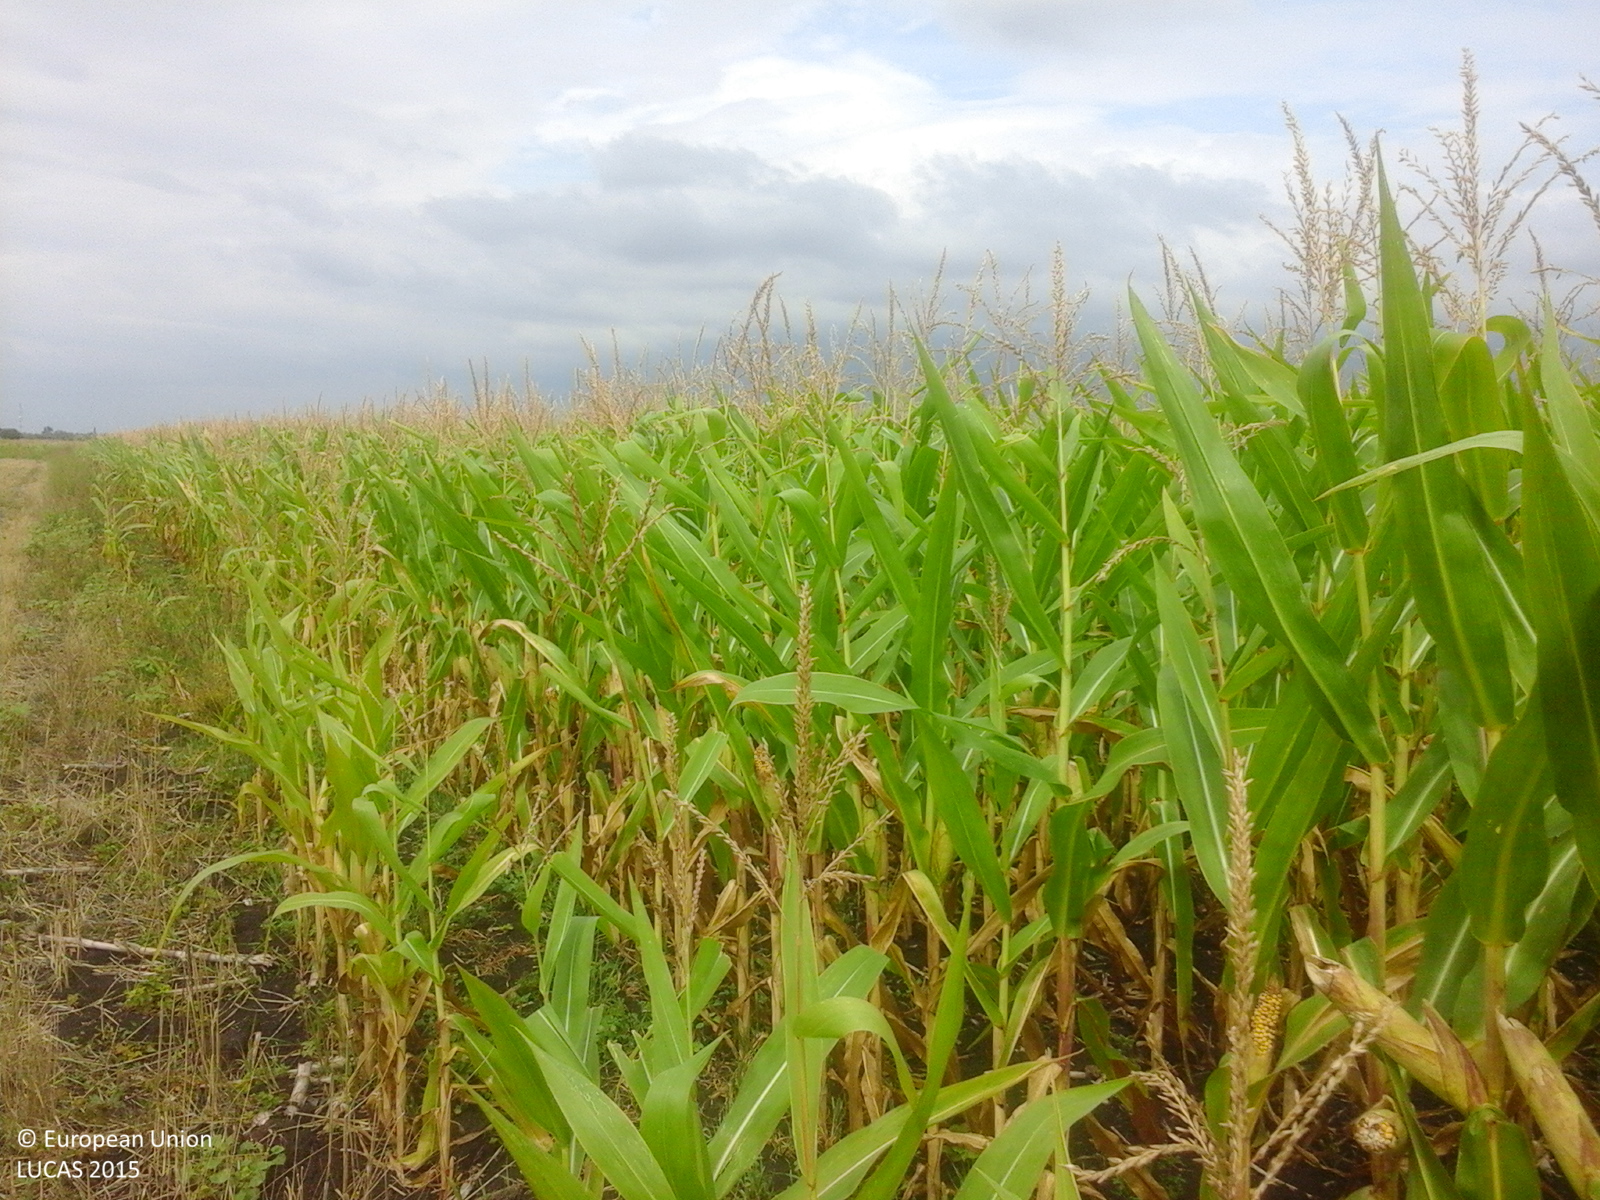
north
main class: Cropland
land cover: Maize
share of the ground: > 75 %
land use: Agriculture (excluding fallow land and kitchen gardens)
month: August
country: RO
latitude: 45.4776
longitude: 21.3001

..........

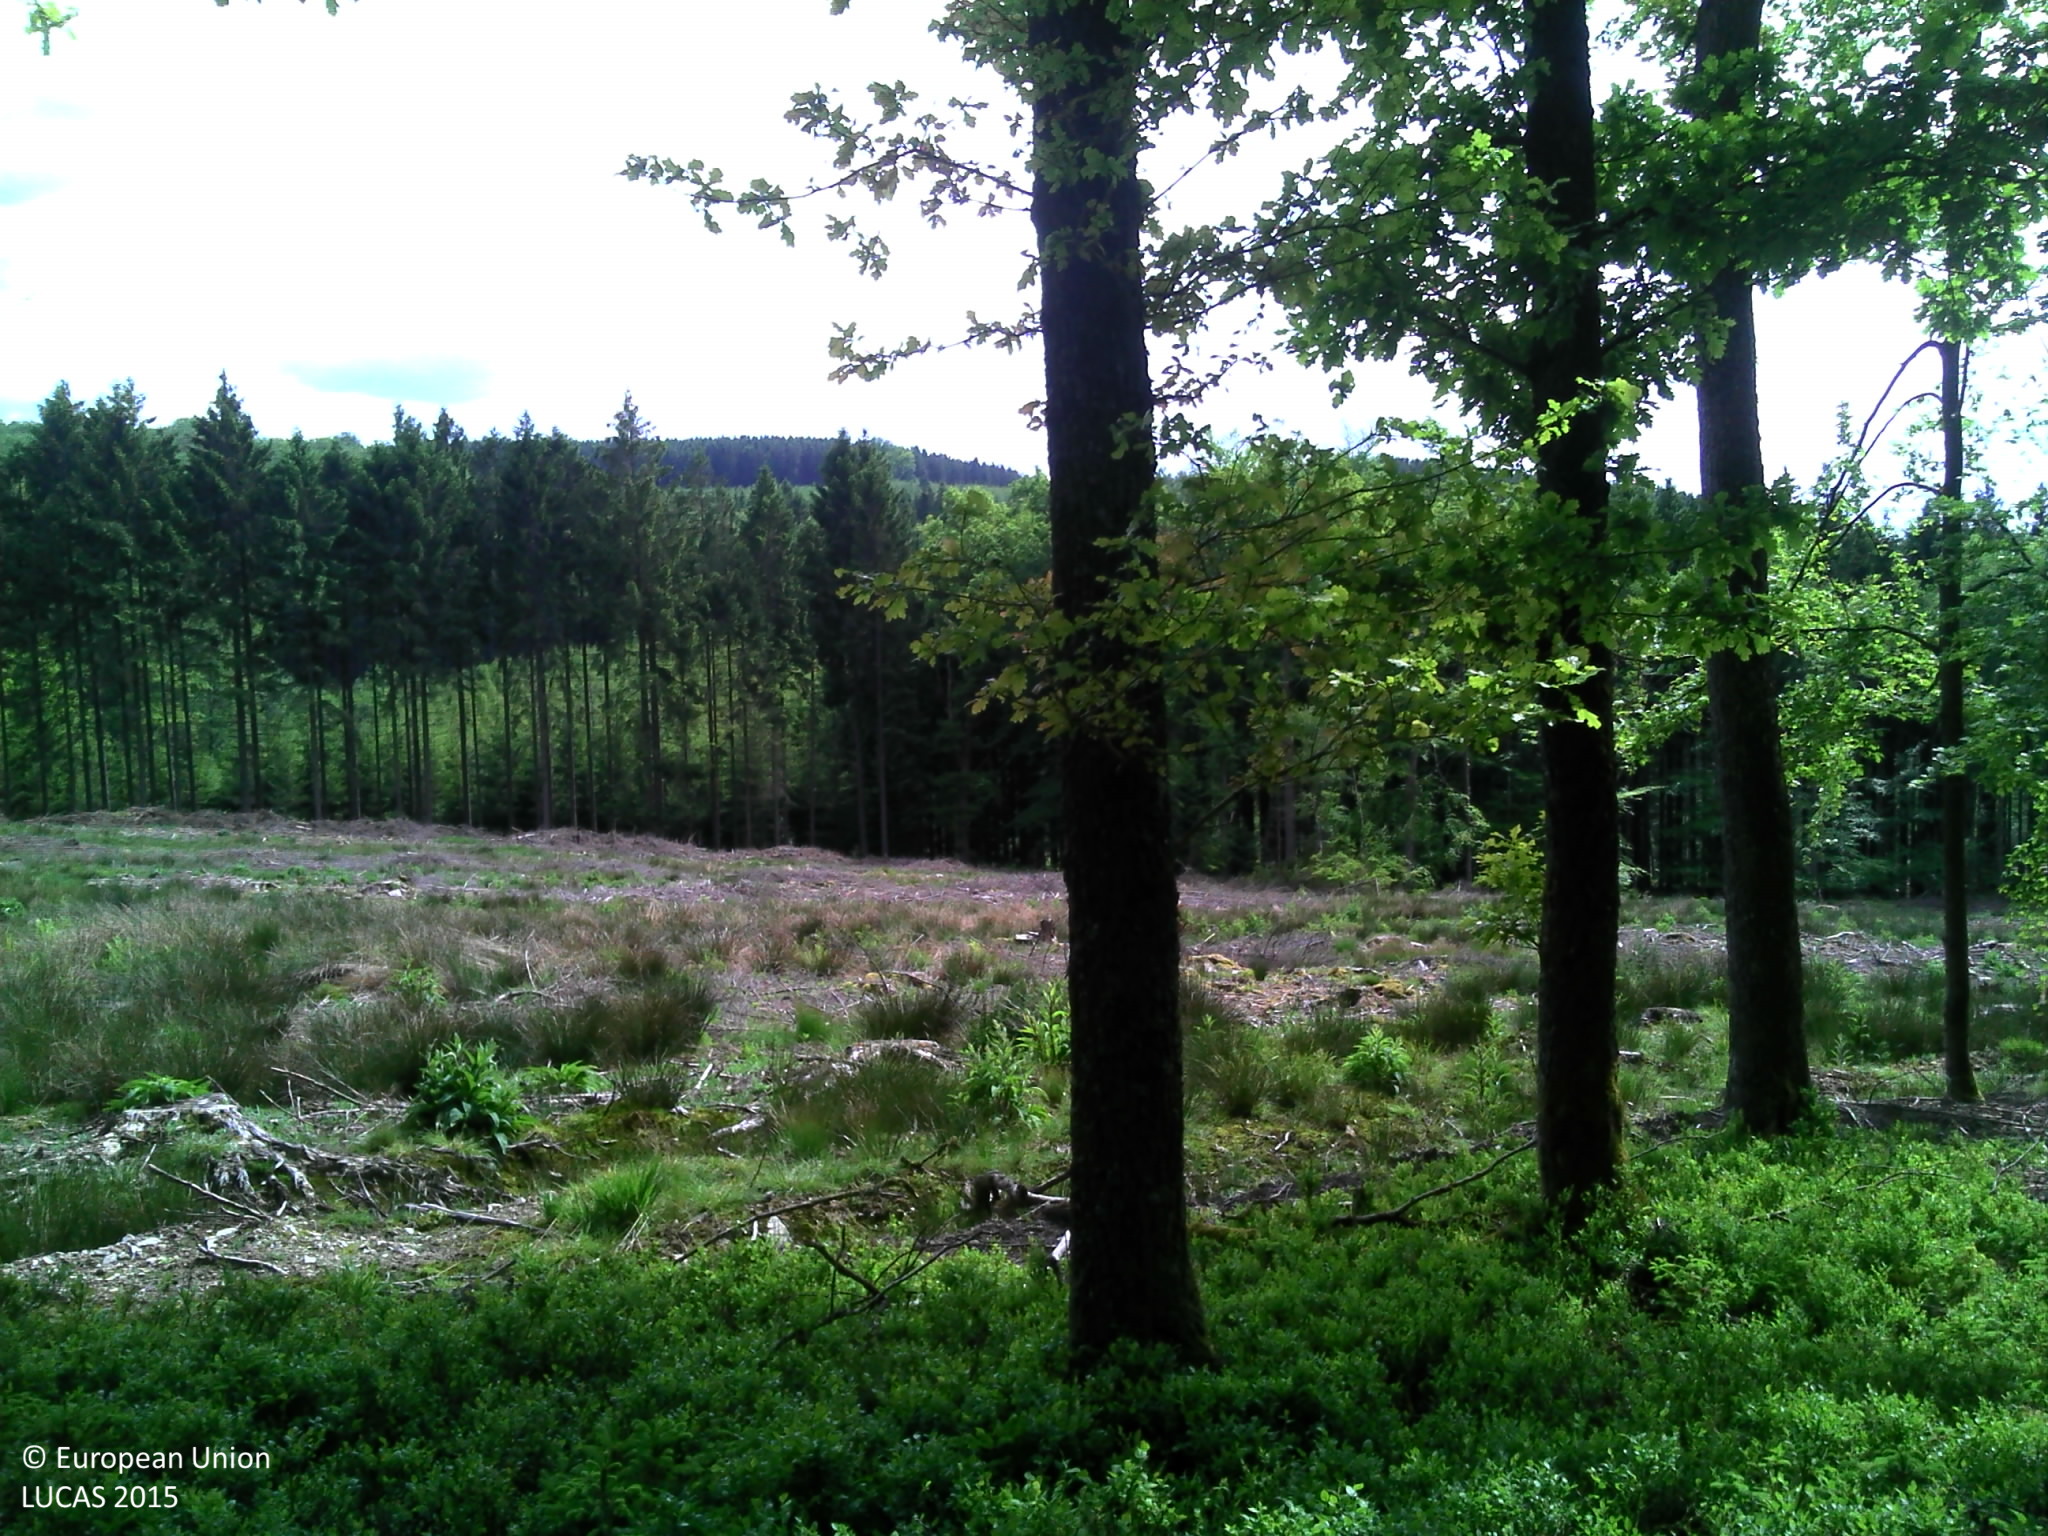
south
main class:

..........

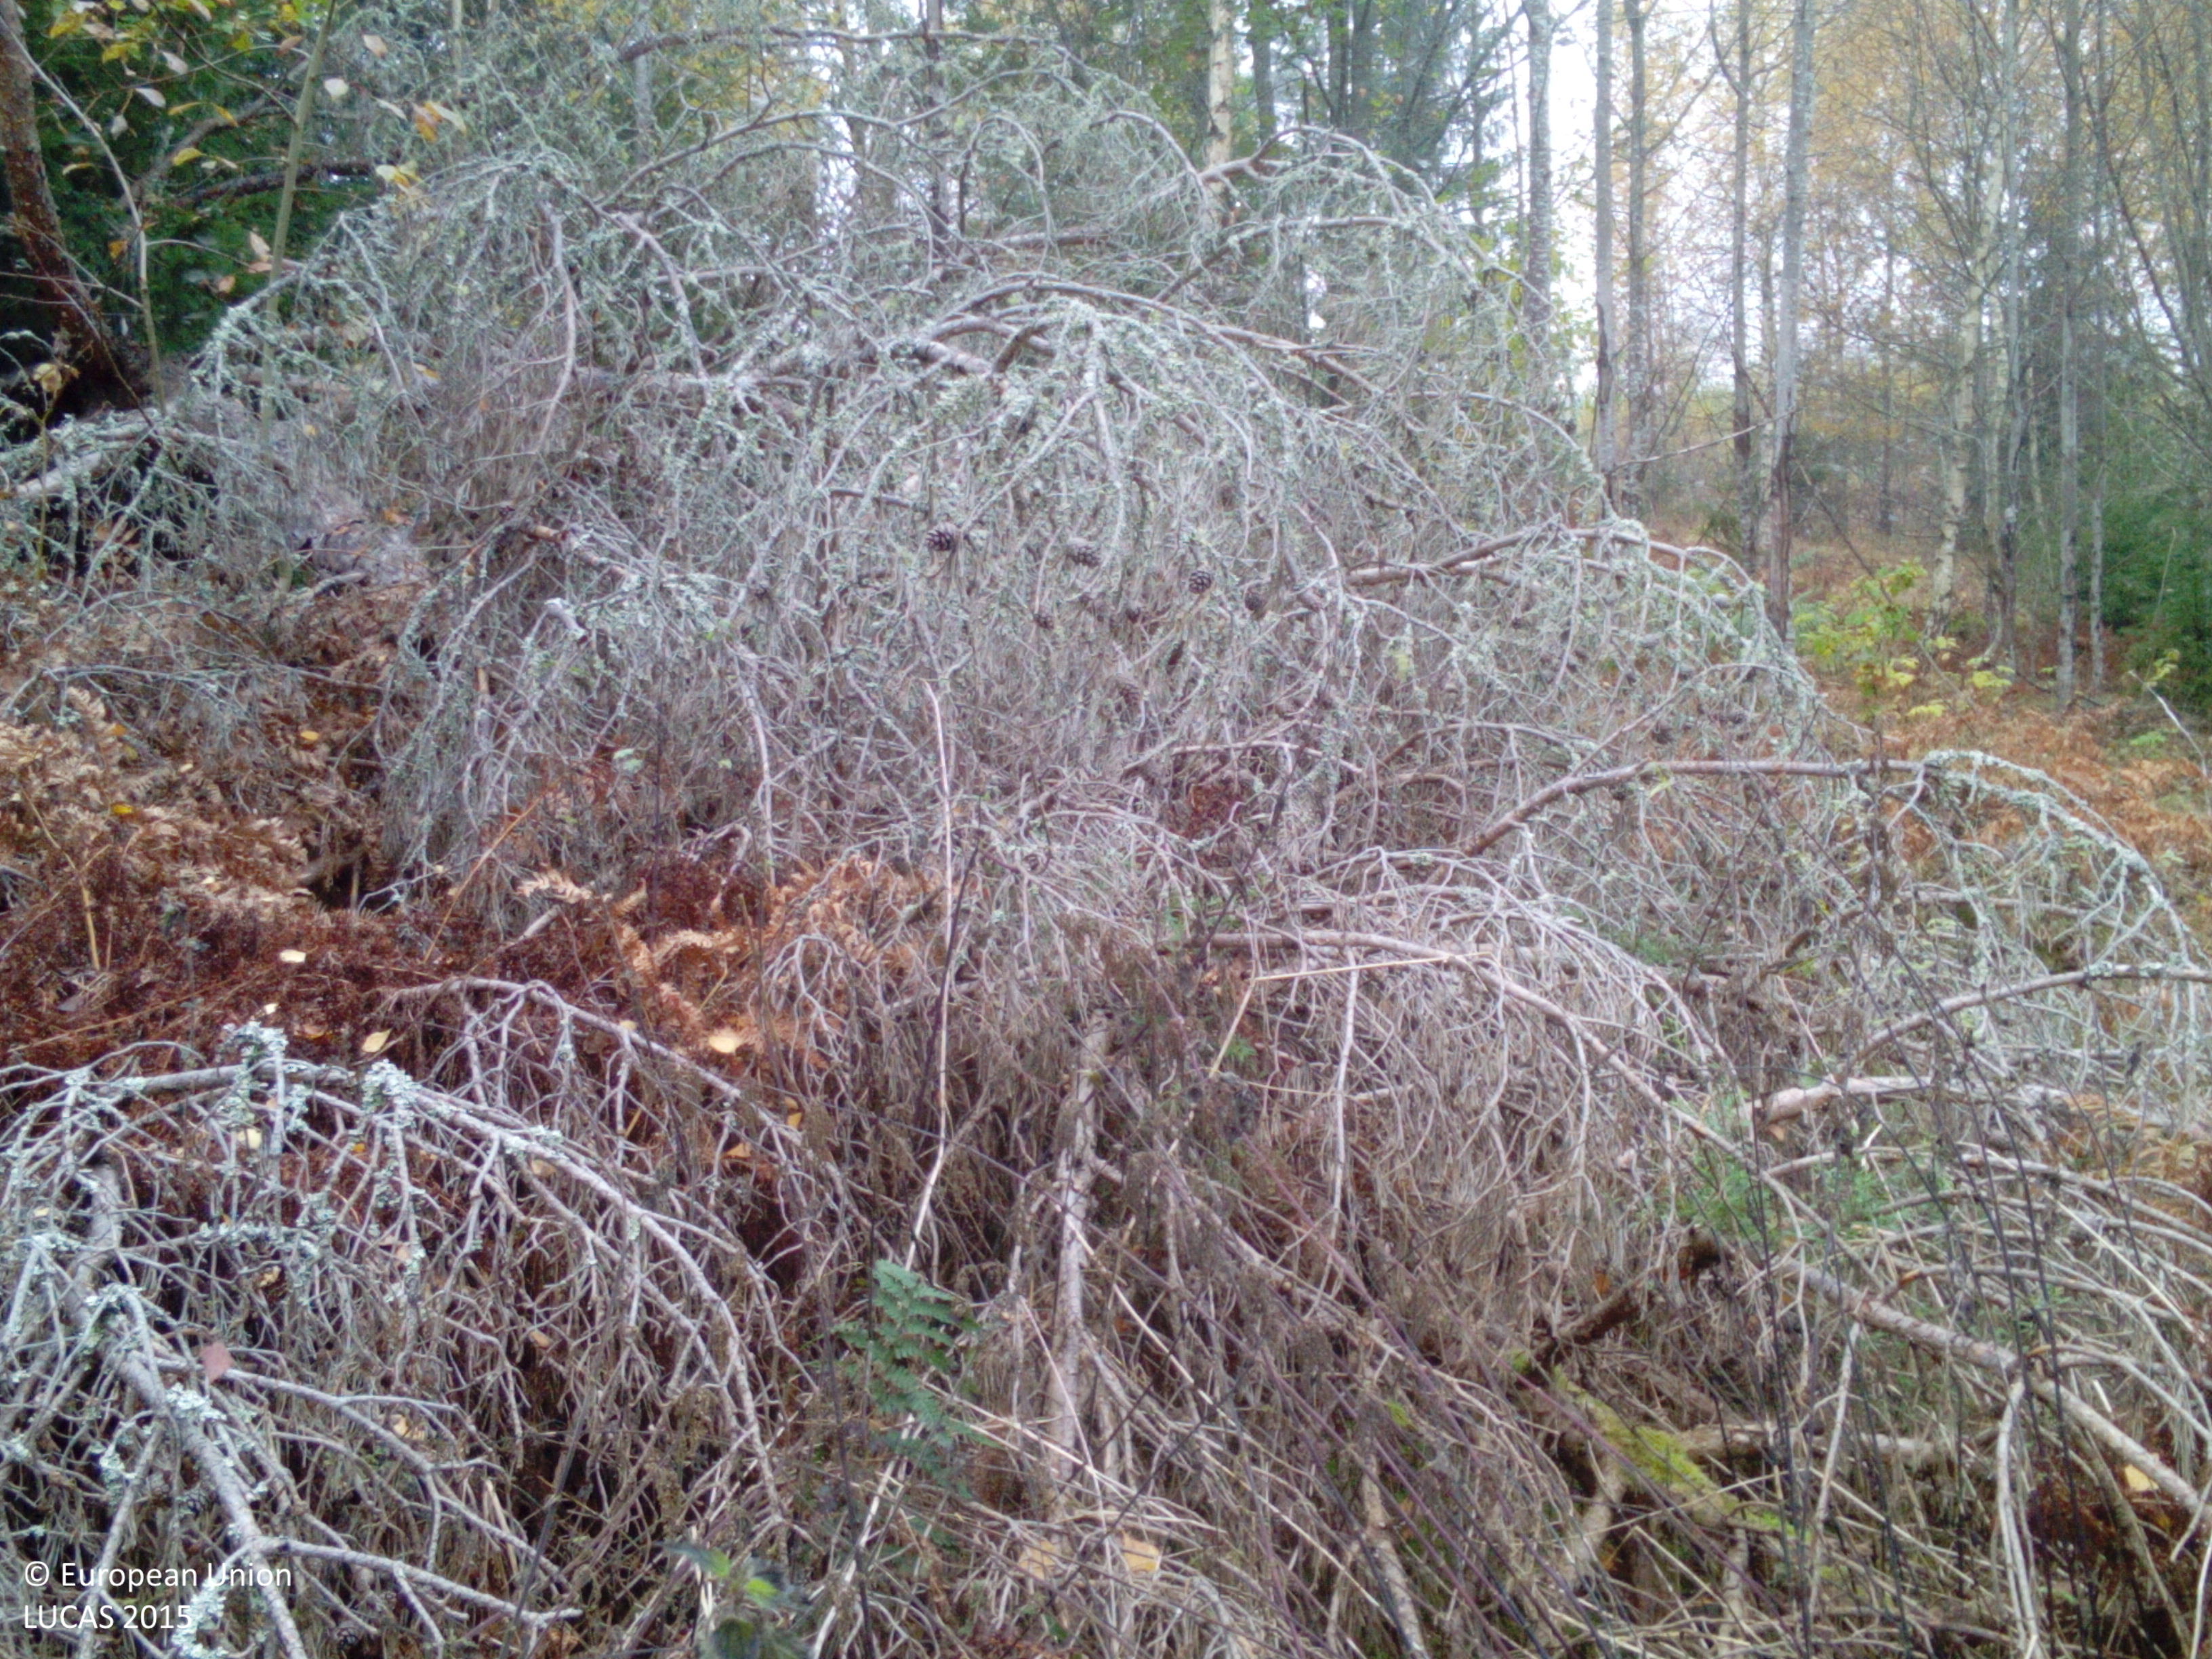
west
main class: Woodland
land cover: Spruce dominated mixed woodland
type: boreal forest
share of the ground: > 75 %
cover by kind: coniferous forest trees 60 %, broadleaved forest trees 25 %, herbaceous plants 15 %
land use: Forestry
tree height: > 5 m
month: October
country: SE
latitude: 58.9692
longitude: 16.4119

..........

**Task goal:** Using the entries above, extract exactly the span from the line with "type: boreal forest" to the line with "longitude: 16.4119", both lines included; leave out everything else.

**Output for this task:**
type: boreal forest
share of the ground: > 75 %
cover by kind: coniferous forest trees 60 %, broadleaved forest trees 25 %, herbaceous plants 15 %
land use: Forestry
tree height: > 5 m
month: October
country: SE
latitude: 58.9692
longitude: 16.4119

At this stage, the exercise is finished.